Val Page, Ariel, and the Red Hunter
The story of the Ariel Red Hunter began when motorcycle engineer Val Page joined Ariel in 1925, having previously served his apprenticeship with the renowned British engine maker J. A. Prestwich (i.e. J.A.P.). Page had designed the V-twin engines that had powered such iconic British motorcycles as the Brough Superior SS80 and SS100, famous as the motorcycle owned and ridden by T.E. Lawrence, better known as “Lawrence of Arabia”.
By 1926 Val Page had been promoted to the role of Chief Designer and he had set about creating a new range of motorcycles, and also a new OHV single cylinder engine which would subsequently become the heart of the Ariel Red Hunter.
It took until 1927 for a suitable motorcycle to be designed to make good use of Page’s new 500cc OHV single cylinder engine, but even then the engine itself did not yet feature a rocker cover and so was noisy and had a habit of spraying a little oil here and there. For intrepid 1920’s gentlemen motorcyclists this was simply something that gave the bike a bit of character, but for intrepid lady motorcyclists this was not a great selling point. A rocker cover was subsequently designed and fitted which made the Val Page single cylinder quieter and far less prone to oiling the rider’s accoutrements.
In the period just prior to the Wall Street Crash Ariel was a manufacturer who tried to appeal to every nuance of motorcycle taste. This meant that he company made and offered an extensive range of motorcycle models in four stroke and two stroke, side-valve and pushrod overhead valve, and a sloper model simply because the sloping engine had become something of a fashion fad.
As the economic depression began to bite home however such “Roaring Twenties” indulgence could not be sustained and in order to remain viable Ariel was going to need to rationalize its model range, and ensure that Ariel motorcycles were going to be the ones that people would continue to purchase rather than the offerings of Ariel’s competitors.
A Black Ariel Becomes the Red Hunter
It was in 1928 that a freelance motorcycle designer named Edward Turner came knocking on Ariel’s door to see if they were interested in a new and innovative motorcycle engine he had designed. The engine was rather more complex than the single cylinder engines Ariel had been marketing up to that time, it was the “Square Four“, which consisted of two twin cylinder engines joined together by their central geared flywheels.
The head of Ariel, Jack Sangster, was interested in both the engine and the designer of the engine, and so it was that Edward Turner joined the design team of Ariel in 1929 working under the leadership of Val Page.
Val Page left Ariel in 1932, the year the company went bankrupt but was purchased by Jack Sangster who kept it going.
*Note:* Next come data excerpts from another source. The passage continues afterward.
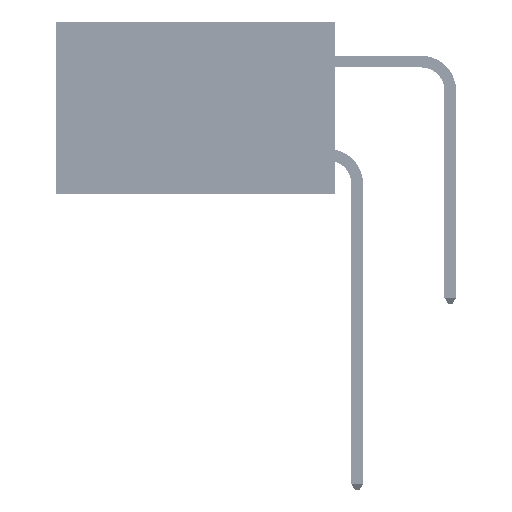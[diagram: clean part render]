
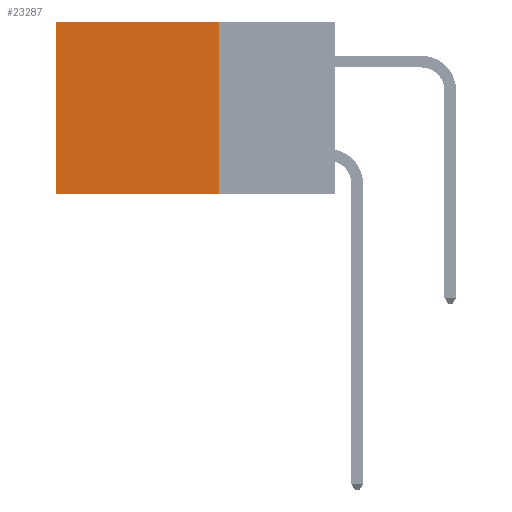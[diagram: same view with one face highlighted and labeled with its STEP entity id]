
A CAD part, left-side view. The second image highlights one B-rep face of the part: STEP entity #23287.
In plain terms, the highlighted planar face has unit normal (-1, 0, 0).
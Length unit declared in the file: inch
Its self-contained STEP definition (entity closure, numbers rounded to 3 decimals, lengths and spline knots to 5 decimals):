
#1092 = EDGE_CURVE ( 'NONE', #41528, #20257, #19767, .T. ) ;
#3208 = VERTEX_POINT ( 'NONE', #39416 ) ;
#3949 = CARTESIAN_POINT ( 'NONE',  ( 0.2875, 0.25, 0. ) ) ;
#7328 = ORIENTED_EDGE ( 'NONE', *, *, #1092, .T. ) ;
#7732 = CARTESIAN_POINT ( 'NONE',  ( 0.2875, 0.25, 0. ) ) ;
#8220 = VECTOR ( 'NONE', #30613, 39.37008 ) ;
#8839 = VECTOR ( 'NONE', #38726, 39.37008 ) ;
#9142 = EDGE_CURVE ( 'NONE', #41528, #3208, #17432, .T. ) ;
#10739 = CARTESIAN_POINT ( 'NONE',  ( 0.2875, 0.25, 0. ) ) ;
#11248 = PLANE ( 'NONE',  #20010 ) ;
#11305 = DIRECTION ( 'NONE',  ( 0., 1., 0. ) ) ;
#12815 = EDGE_LOOP ( 'NONE', ( #42285, #34571, #26530, #7328 ) ) ;
#13143 = VERTEX_POINT ( 'NONE', #29784 ) ;
#13522 = DIRECTION ( 'NONE',  ( 0., 1., 0. ) ) ;
#14452 = DIRECTION ( 'NONE',  ( 0., 0., -1. ) ) ;
#15383 = VECTOR ( 'NONE', #13522, 39.37008 ) ;
#16438 = EDGE_CURVE ( 'NONE', #3208, #13143, #35544, .T. ) ;
#17432 = LINE ( 'NONE', #38879, #8839 ) ;
#17873 = FACE_OUTER_BOUND ( 'NONE', #12815, .T. ) ;
#19767 = LINE ( 'NONE', #3949, #35863 ) ;
#20010 = AXIS2_PLACEMENT_3D ( 'NONE', #7732, #43878, #14452 ) ;
#20257 = VERTEX_POINT ( 'NONE', #36078 ) ;
#20571 = CARTESIAN_POINT ( 'NONE',  ( 0.2875, 0.25, -0.37 ) ) ;
#23287 = ADVANCED_FACE ( 'NONE', ( #17873 ), #11248, .F. ) ;
#24305 = LINE ( 'NONE', #38168, #8220 ) ;
#26530 = ORIENTED_EDGE ( 'NONE', *, *, #9142, .F. ) ;
#28467 = EDGE_CURVE ( 'NONE', #20257, #13143, #24305, .T. ) ;
#29784 = CARTESIAN_POINT ( 'NONE',  ( 0.2875, 0.6, -0.37 ) ) ;
#30613 = DIRECTION ( 'NONE',  ( 0., 0., -1. ) ) ;
#34571 = ORIENTED_EDGE ( 'NONE', *, *, #16438, .F. ) ;
#35544 = LINE ( 'NONE', #20571, #15383 ) ;
#35863 = VECTOR ( 'NONE', #11305, 39.37008 ) ;
#36078 = CARTESIAN_POINT ( 'NONE',  ( 0.2875, 0.6, 0. ) ) ;
#38168 = CARTESIAN_POINT ( 'NONE',  ( 0.2875, 0.6, 0. ) ) ;
#38726 = DIRECTION ( 'NONE',  ( 0., 0., -1. ) ) ;
#38879 = CARTESIAN_POINT ( 'NONE',  ( 0.2875, 0.25, 0. ) ) ;
#39416 = CARTESIAN_POINT ( 'NONE',  ( 0.2875, 0.25, -0.37 ) ) ;
#41528 = VERTEX_POINT ( 'NONE', #10739 ) ;
#42285 = ORIENTED_EDGE ( 'NONE', *, *, #28467, .T. ) ;
#43878 = DIRECTION ( 'NONE',  ( 1., 0., 0. ) ) ;

Page moved across to Triumph where he took up the role of Chief Designer. Edward Turner became Chief Designer at Ariel that year and he took a long hard look at the company’s models with a view to reducing the model offerings, and making those fewer models more attractive to consumers.
The main engine he decided to keep in production was the Val Page designed single cylinder OHV, which was made primarily as a 500cc, with a 350cc created by sleeving down the 500cc, and a 250cc for those who wanted to remain under the British tax limit.
That Val Page 500cc single was originally made in a double valve version (i.e. four valves for the single cylinder) but that level of complexity was done away with for the rationalized Depression era model line-up and so all the single engines were fitted with conventional single valves (i.e. two valves per cylinder). The other engine Edward Turner kept in production was his own Square Four, initially as a 500cc in 1931, and then in progressively larger capacities from 600cc to 1,000cc.
It might be said that there is a little bit of magpie in every human being: people are attracted to shiny new things, nickel or chrome plating makes a boringly black motorcycle one that immediately catches the eye and a splash of bright red paint is near guaranteed to draw the “magpie” in checkbook wielding customers like moths to a flame.
Edward Turner believed that getting away from Ariel’s tasteful but horribly boring black was going to be one of the secrets to selling motorcycles in the dark days of those depression years. For 1932 Edward Turner installed an interestingly high specification Val Page 500cc OHV double valve single cylinder engine in a rigid single downtube frame with girder front forks and brightened it up with a chrome plated fuel tank replete with instruments and a red painted panel with the Ariel name on it.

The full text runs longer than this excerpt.